Molybdenum is a rare metal with high melting point (2620 ± 10 ℃), high elastic modulus (320-360 GPA), small linear expansion coefficient (20-100 ℃, 5.8x10-6-6.2x10-6), high melting point, low steam pressure and low evaporation rate. There are many kinds of molybdenum products, such as molybdenum rod, molybdenum plate, molybdenum electrode, molybdenum crucible, molybdenum shaped parts and so on. In the application of various forms of molybdenum, plate is the most. However, when the plate is applied, it usually needs rolling and various types of forming processing. In the current processing and production of molybdenum wafer, the yield rate is only 40% - 50%. Therefore, improving the quality of molybdenum plate products and processing yield is an urgent problem to be solved.

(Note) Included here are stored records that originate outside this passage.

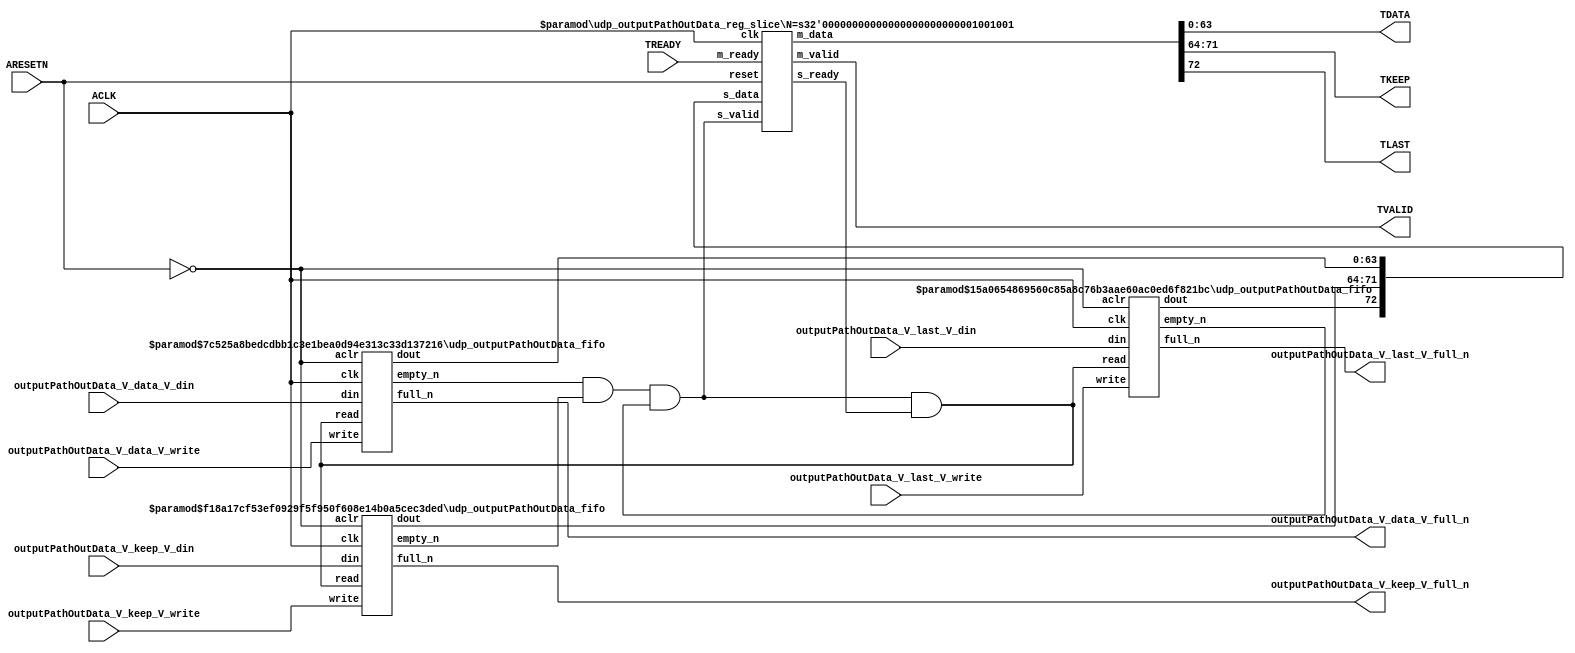
// ==============================================================
// File generated by Vivado(TM) HLS - High-Level Synthesis from C, C++ and SystemC
// Version: 2015.1
// Copyright (C) 2015 Xilinx Inc. All rights reserved.
// 
// ==============================================================


`timescale 1ns/1ps

module udp_outputPathOutData_if (
    // AXI4-Stream singals
    input  wire        ACLK,
    input  wire        ARESETN,
    output wire        TVALID,
    input  wire        TREADY,
    output wire [63:0] TDATA,
    output wire [7:0]  TKEEP,
    output wire [0:0]  TLAST,
    // User signals
    input  wire [63:0] outputPathOutData_V_data_V_din,
    output wire        outputPathOutData_V_data_V_full_n,
    input  wire        outputPathOutData_V_data_V_write,
    input  wire [7:0]  outputPathOutData_V_keep_V_din,
    output wire        outputPathOutData_V_keep_V_full_n,
    input  wire        outputPathOutData_V_keep_V_write,
    input  wire [0:0]  outputPathOutData_V_last_V_din,
    output wire        outputPathOutData_V_last_V_full_n,
    input  wire        outputPathOutData_V_last_V_write
);
//------------------------Local signal-------------------
// FIFO
wire [0:0]  fifo_read;
wire [0:0]  fifo_empty_n;
wire [63:0] outputPathOutData_V_data_V_dout;
wire [0:0]  outputPathOutData_V_data_V_empty_n;
wire [7:0]  outputPathOutData_V_keep_V_dout;
wire [0:0]  outputPathOutData_V_keep_V_empty_n;
wire [0:0]  outputPathOutData_V_last_V_dout;
wire [0:0]  outputPathOutData_V_last_V_empty_n;
// register slice
wire [0:0]  s_valid;
wire [0:0]  s_ready;
wire [72:0] s_data;
wire [0:0]  m_valid;
wire [0:0]  m_ready;
wire [72:0] m_data;

//------------------------Instantiation------------------
// rs
udp_outputPathOutData_reg_slice #(
    .N       ( 73 )
) rs (
    .clk     ( ACLK ),
    .reset   ( ARESETN ),
    .s_data  ( s_data ),
    .s_valid ( s_valid ),
    .s_ready ( s_ready ),
    .m_data  ( m_data ),
    .m_valid ( m_valid ),
    .m_ready ( m_ready )
);

// outputPathOutData_V_data_V_fifo
udp_outputPathOutData_fifo #(
    .DATA_BITS  ( 64 ),
    .DEPTH_BITS ( 4 )
) outputPathOutData_V_data_V_fifo (
    .clk        ( ACLK ),
    .aclr       ( ~ARESETN ),
    .empty_n    ( outputPathOutData_V_data_V_empty_n ),
    .full_n     ( outputPathOutData_V_data_V_full_n ),
    .read       ( fifo_read ),
    .write      ( outputPathOutData_V_data_V_write ),
    .dout       ( outputPathOutData_V_data_V_dout ),
    .din        ( outputPathOutData_V_data_V_din )
);

// outputPathOutData_V_keep_V_fifo
udp_outputPathOutData_fifo #(
    .DATA_BITS  ( 8 ),
    .DEPTH_BITS ( 4 )
) outputPathOutData_V_keep_V_fifo (
    .clk        ( ACLK ),
    .aclr       ( ~ARESETN ),
    .empty_n    ( outputPathOutData_V_keep_V_empty_n ),
    .full_n     ( outputPathOutData_V_keep_V_full_n ),
    .read       ( fifo_read ),
    .write      ( outputPathOutData_V_keep_V_write ),
    .dout       ( outputPathOutData_V_keep_V_dout ),
    .din        ( outputPathOutData_V_keep_V_din )
);

// outputPathOutData_V_last_V_fifo
udp_outputPathOutData_fifo #(
    .DATA_BITS  ( 1 ),
    .DEPTH_BITS ( 4 )
) outputPathOutData_V_last_V_fifo (
    .clk        ( ACLK ),
    .aclr       ( ~ARESETN ),
    .empty_n    ( outputPathOutData_V_last_V_empty_n ),
    .full_n     ( outputPathOutData_V_last_V_full_n ),
    .read       ( fifo_read ),
    .write      ( outputPathOutData_V_last_V_write ),
    .dout       ( outputPathOutData_V_last_V_dout ),
    .din        ( outputPathOutData_V_last_V_din )
);

//------------------------Body---------------------------
//++++++++++++++++++++++++AXI4-Stream++++++++++++++++++++
assign TVALID = m_valid;
assign TDATA  = m_data[63:0];
assign TKEEP  = m_data[71:64];
assign TLAST  = m_data[72:72];

//+++++++++++++++++++++++++++++++++++++++++++++++++++++++

//++++++++++++++++++++++++Reigister Slice++++++++++++++++
assign s_valid = fifo_empty_n;
assign m_ready = TREADY;
assign s_data  = {outputPathOutData_V_last_V_dout, outputPathOutData_V_keep_V_dout, outputPathOutData_V_data_V_dout};

//+++++++++++++++++++++++++++++++++++++++++++++++++++++++

//++++++++++++++++++++++++FIFO+++++++++++++++++++++++++++
assign fifo_read    = fifo_empty_n & s_ready;
assign fifo_empty_n = outputPathOutData_V_data_V_empty_n & outputPathOutData_V_keep_V_empty_n & outputPathOutData_V_last_V_empty_n;

//+++++++++++++++++++++++++++++++++++++++++++++++++++++++

endmodule



`timescale 1ns/1ps

module udp_outputPathOutData_fifo
#(parameter
    DATA_BITS  = 8,
    DEPTH_BITS = 4
)(
    input  wire                 clk,
    input  wire                 aclr,
    output wire                 empty_n,
    output wire                 full_n,
    input  wire                 read,
    input  wire                 write,
    output wire [DATA_BITS-1:0] dout,
    input  wire [DATA_BITS-1:0] din
);
//------------------------Parameter----------------------
localparam
    DEPTH = 1 << DEPTH_BITS;
//------------------------Local signal-------------------
reg                   empty;
reg                   full;
reg  [DEPTH_BITS-1:0] index;
reg  [DATA_BITS-1:0]  mem[0:DEPTH-1];
//------------------------Body---------------------------
assign empty_n = ~empty;
assign full_n  = ~full;
assign dout    = mem[index];

// empty
always @(posedge clk or posedge aclr) begin
    if (aclr)
        empty <= 1'b1;
    else if (empty & write & ~read)
        empty <= 1'b0;
    else if (~empty & ~write & read & (index==1'b0))
        empty <= 1'b1;
end

// full
always @(posedge clk or posedge aclr) begin
    if (aclr)
        full <= 1'b0;
    else if (full & read & ~write)
        full <= 1'b0;
    else if (~full & ~read & write & (index==DEPTH-2'd2))
        full <= 1'b1;
end

// index
always @(posedge clk or posedge aclr) begin
    if (aclr)
        index <= {DEPTH_BITS{1'b1}};
    else if (~empty & ~write & read)
        index <= index - 1'b1;
    else if (~full & ~read & write)
        index <= index + 1'b1;
end

// mem
always @(posedge clk) begin
    if (~full & write) mem[0] <= din;
end

genvar i;
generate
    for (i = 1; i < DEPTH; i = i + 1) begin : gen_sr
        always @(posedge clk) begin
            if (~full & write) mem[i] <= mem[i-1];
        end
    end
endgenerate

endmodule

`timescale 1ns/1ps

module udp_outputPathOutData_reg_slice
#(parameter
    N = 8   // data width
) (
    // system signals
    input  wire         clk,
    input  wire         reset,
    // slave side
    input  wire [N-1:0] s_data,
    input  wire         s_valid,
    output wire         s_ready,
    // master side
    output wire [N-1:0] m_data,
    output wire         m_valid,
    input  wire         m_ready
);
//------------------------Parameter----------------------
// state
localparam [1:0]
    ZERO = 2'b10,
    ONE  = 2'b11,
    TWO  = 2'b01;
//------------------------Local signal-------------------
reg  [N-1:0] data_p1;
reg  [N-1:0] data_p2;
wire         load_p1;
wire         load_p2;
wire         load_p1_from_p2;
reg          s_ready_t;
reg  [1:0]   state;
reg  [1:0]   next;
//------------------------Body---------------------------
assign s_ready = s_ready_t;
assign m_data  = data_p1;
assign m_valid = state[0];

assign load_p1 = (state == ZERO && s_valid) ||
                 (state == ONE && s_valid && m_ready) ||
                 (state == TWO && m_ready);
assign load_p2 = s_valid & s_ready;
assign load_p1_from_p2 = (state == TWO);

// data_p1
always @(posedge clk) begin
    if (load_p1) begin
        if (load_p1_from_p2)
            data_p1 <= data_p2;
        else
            data_p1 <= s_data;
    end
end

// data_p2
always @(posedge clk) begin
    if (load_p2) data_p2 <= s_data;
end

// s_ready_t
always @(posedge clk) begin
    if (~reset)
        s_ready_t <= 1'b0;
    else if (state == ZERO)
        s_ready_t <= 1'b1;
    else if (state == ONE && next == TWO)
        s_ready_t <= 1'b0;
    else if (state == TWO && next == ONE)
        s_ready_t <= 1'b1;
end

// state
always @(posedge clk) begin
    if (~reset)
        state <= ZERO;
    else
        state <= next;
end

// next
always @(*) begin
    case (state)
        ZERO:
            if (s_valid & s_ready)
                next = ONE;
            else
                next = ZERO;
        ONE:
            if (~s_valid & m_ready)
                next = ZERO;
            else if (s_valid & ~m_ready)
                next = TWO;
            else
                next = ONE;
        TWO:
            if (m_ready)
                next = ONE;
            else
                next = TWO;
        default:
            next = ZERO;
    endcase
end

endmodule

Problems in molybdenum processing and processing materials
Molybdenum is a hard to deform metal, its production process is very technical, and the "heredity" between processes is also very strong. As long as one process in the production process goes wrong, it will lead to the collapse of the whole production line and cause irreparable losses. Molybdenum slab is the foundation, and its quality directly affects the yield and mechanical properties of processed materials.

The defects such as delamination, peeling and blistering are easy to occur during the processing of molybdenum billet, and the finished product rate is only about 40%.

Requirements of high quality molybdenum slab
According to the requirements of processing technology and material properties, the chemical composition, microstructure and density of high-quality molybdenum slab should be controlled.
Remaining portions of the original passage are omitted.